The problem — Output, exactly as written, the lines of the data below from the one containing "Q: Width (condensed, normal, or" to the end.

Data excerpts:
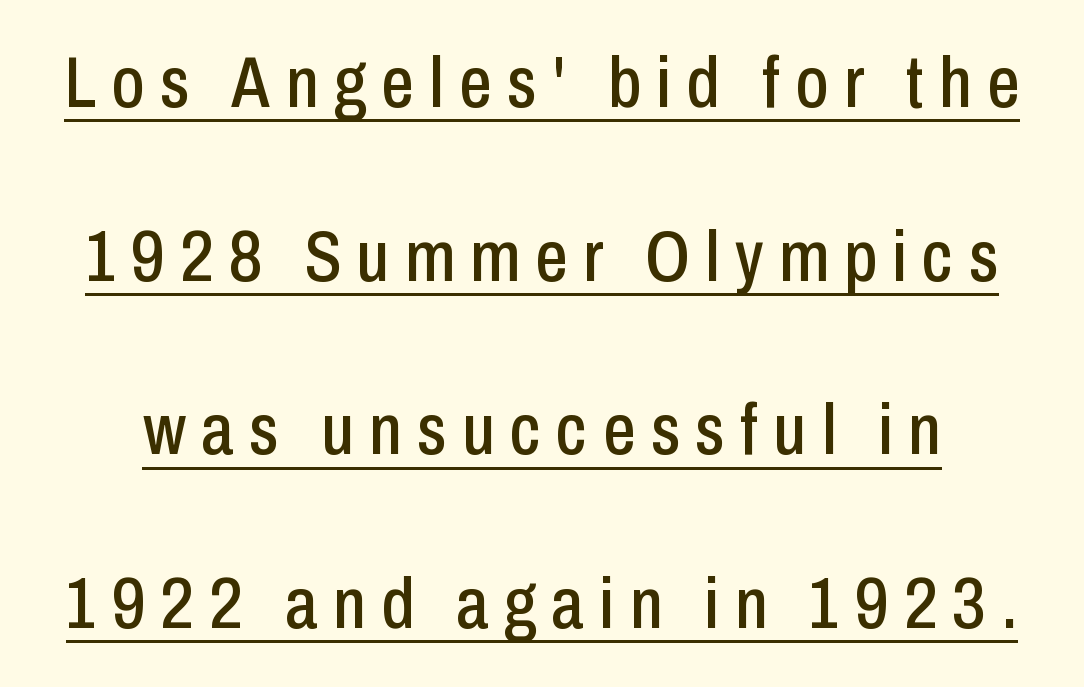
A baseline rule has been typeset under these characters. This is sans-serif lettering, the kind often seen on screens and signage. Is this a fixed-width face? No — the glyphs have proportional, varying widths. You can tell it's not italic because the verticals are truly vertical.
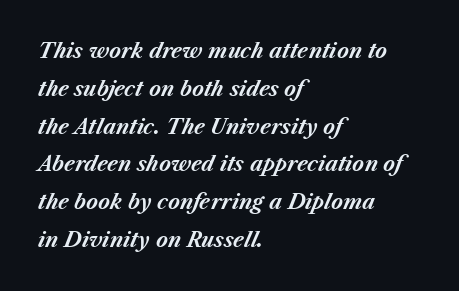
{"italic": "yes", "lean": "right", "slant_degrees": 23, "bold": "yes", "underline": "no", "align": "left", "line_spacing_ratio": 1.89, "letter_spacing": "normal", "letter_spacing_em": 0.0, "glyph_px": 20}
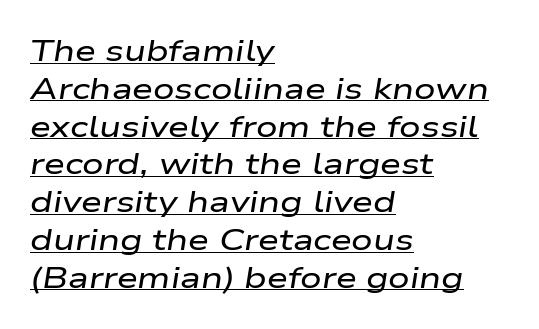
Q: Is the text italic (slanted)? A: Yes, it leans right by about 9 degrees.
Q: Is the text underlined? A: Yes.
Q: How is the paragraph aligned? A: Left-aligned.
Q: Is the spacing between letters normal or unusually wide? A: Normal.
Q: Is the spacing between lines tight, normal or loose? A: Normal.
Q: Width (condensed, normal, or wide)? A: Wide.
Q: Stroke contrast? A: Low.
Q: x-height? A: Medium.
Q: Monospaced? A: No.

Result of this exercise —
Q: Width (condensed, normal, or wide)? A: Wide.
Q: Stroke contrast? A: Low.
Q: x-height? A: Medium.
Q: Monospaced? A: No.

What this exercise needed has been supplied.